(Items from a dataset)
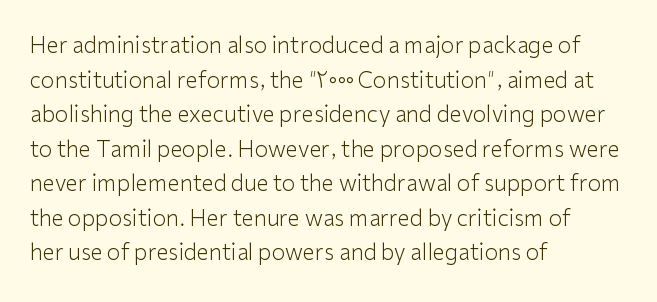
{"italic": "no", "bold": "no", "underline": "no", "align": "left", "line_spacing": "normal", "line_spacing_ratio": 1.57, "letter_spacing": "normal", "letter_spacing_em": 0.0, "glyph_px": 22}
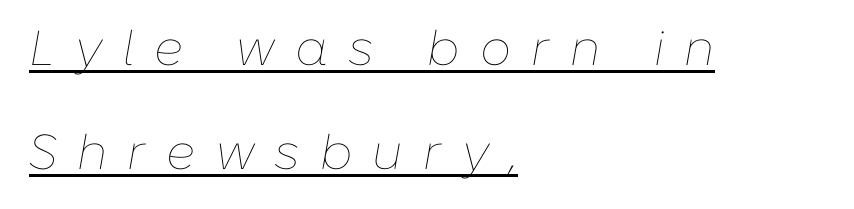
The lines are spread far apart with generous leading. Somebody hit Ctrl+U on this one — the words are underlined. These lines have a slow, spaced-out rhythm from letter to letter. The glyphs look as if they've been sheared to an angle.
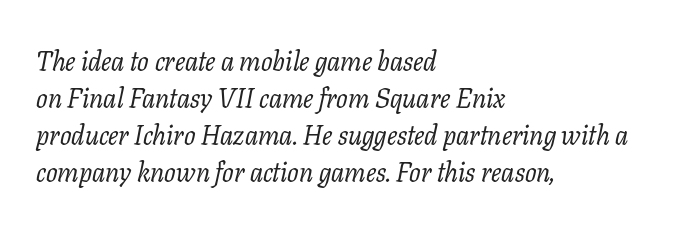
The image shows 27 px text type, italic (leaning right); set left-aligned, normal line spacing (1.37x), normal letter spacing, not underlined.
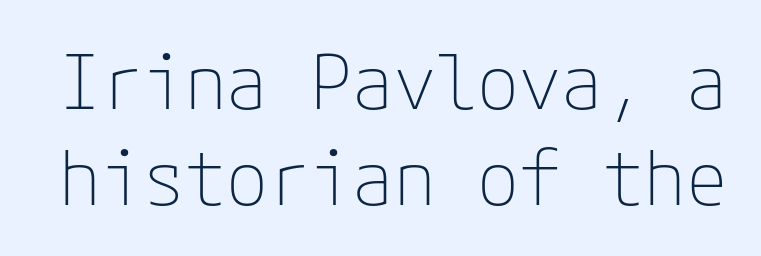
Q: Is the text bold? A: No.
Q: Is the text italic (slanted)? A: No, it is upright.
Q: Is the typeface a serif or a sans-serif typeface? A: Sans-serif.
Q: Is the text underlined? A: No.
Q: Is the spacing between letters normal or unusually wide? A: Normal.
Q: Is the spacing between lines tight, normal or loose? A: Normal.
Q: Width (condensed, normal, or wide)? A: Normal.
Q: Stroke contrast? A: Low.
Q: x-height? A: Medium.
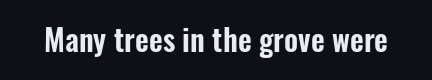
Is the letter spacing exaggerated? No — it looks like the ordinary default. Lines of text with bare space underneath. A typesetter would label this face a sans. Varying glyph widths throughout — classic text-font behaviour. Tall strokes in this sample are plumb rather than angled.
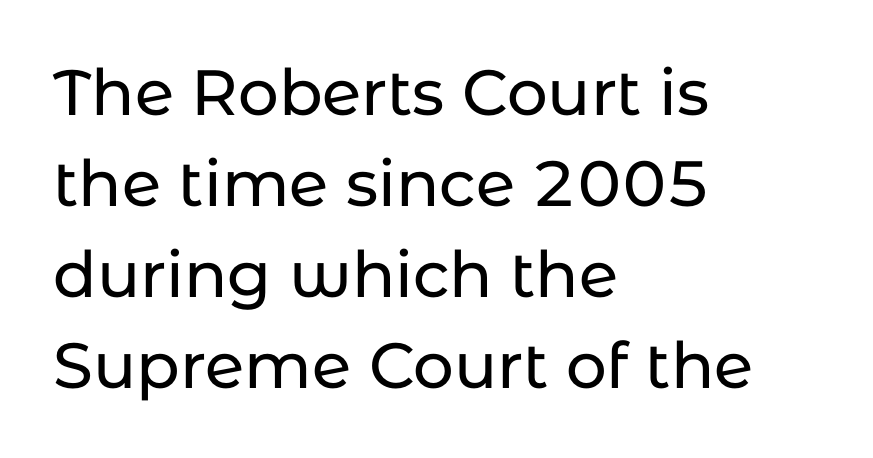
Q: Is the text italic (slanted)? A: No, it is upright.
Q: Is the typeface a serif or a sans-serif typeface? A: Sans-serif.
Q: Is the text underlined? A: No.
Q: How is the paragraph aligned? A: Left-aligned.
Q: Is the spacing between letters normal or unusually wide? A: Normal.
Q: Is the spacing between lines tight, normal or loose? A: Normal.
Q: Width (condensed, normal, or wide)? A: Normal.
Q: Stroke contrast? A: Low.
Q: x-height? A: Medium.
Q: Monospaced? A: No.
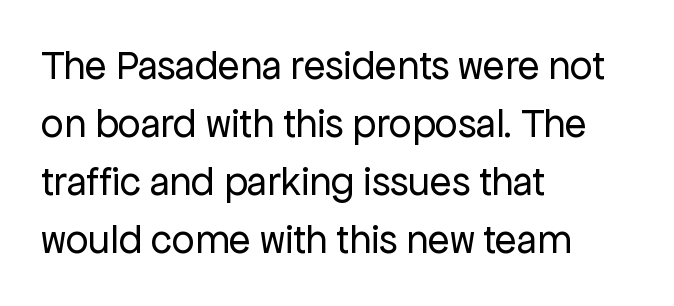
The compositor pushed each line to the left boundary. Character widths vary here, with narrow letters taking less room than wide ones. Designer's note — italics off, roman on. Each letter's strokes conclude bluntly, with no projecting serifs. The characters are drawn with everyday or finer stroke widths.
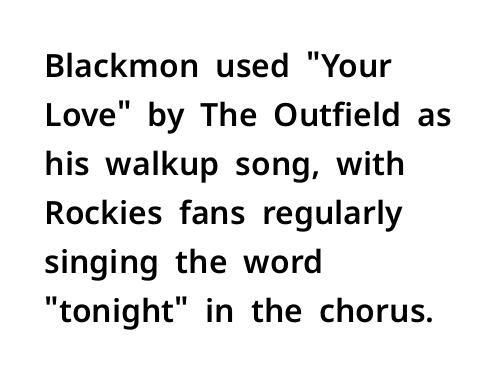
{"serif": "no", "italic": "no", "width": "normal", "stroke_contrast": "low", "x_height": "medium", "monospaced": "no", "underline": "no", "align": "left", "line_spacing": "normal", "line_spacing_ratio": 1.53, "letter_spacing": "normal", "letter_spacing_em": 0.0, "glyph_px": 32}

## TASK
Repeat the lines above exactly, and keep every picture out.

## RESPONSE BOX
{"italic": "no", "bold": "no", "underline": "no", "align": "left", "line_spacing": "normal", "line_spacing_ratio": 1.57, "letter_spacing": "normal", "letter_spacing_em": 0.0, "glyph_px": 22}
The lines are spread far apart with generous leading. Somebody hit Ctrl+U on this one — the words are underlined. These lines have a slow, spaced-out rhythm from letter to letter. The glyphs look as if they've been sheared to an angle.
The image shows 27 px text type, italic (leaning right); set left-aligned, normal line spacing (1.37x), normal letter spacing, not underlined.
Q: Is the text bold? A: No.
Q: Is the text italic (slanted)? A: No, it is upright.
Q: Is the typeface a serif or a sans-serif typeface? A: Sans-serif.
Q: Is the text underlined? A: No.
Q: Is the spacing between letters normal or unusually wide? A: Normal.
Q: Is the spacing between lines tight, normal or loose? A: Normal.
Q: Width (condensed, normal, or wide)? A: Normal.
Q: Stroke contrast? A: Low.
Q: x-height? A: Medium.
Is the letter spacing exaggerated? No — it looks like the ordinary default. Lines of text with bare space underneath. A typesetter would label this face a sans. Varying glyph widths throughout — classic text-font behaviour. Tall strokes in this sample are plumb rather than angled.
Q: Is the text italic (slanted)? A: No, it is upright.
Q: Is the typeface a serif or a sans-serif typeface? A: Sans-serif.
Q: Is the text underlined? A: No.
Q: How is the paragraph aligned? A: Left-aligned.
Q: Is the spacing between letters normal or unusually wide? A: Normal.
Q: Is the spacing between lines tight, normal or loose? A: Normal.
Q: Width (condensed, normal, or wide)? A: Normal.
Q: Stroke contrast? A: Low.
Q: x-height? A: Medium.
Q: Monospaced? A: No.
The compositor pushed each line to the left boundary. Character widths vary here, with narrow letters taking less room than wide ones. Designer's note — italics off, roman on. Each letter's strokes conclude bluntly, with no projecting serifs. The characters are drawn with everyday or finer stroke widths.
{"serif": "no", "italic": "no", "width": "normal", "stroke_contrast": "low", "x_height": "medium", "monospaced": "no", "underline": "no", "align": "left", "line_spacing": "normal", "line_spacing_ratio": 1.53, "letter_spacing": "normal", "letter_spacing_em": 0.0, "glyph_px": 32}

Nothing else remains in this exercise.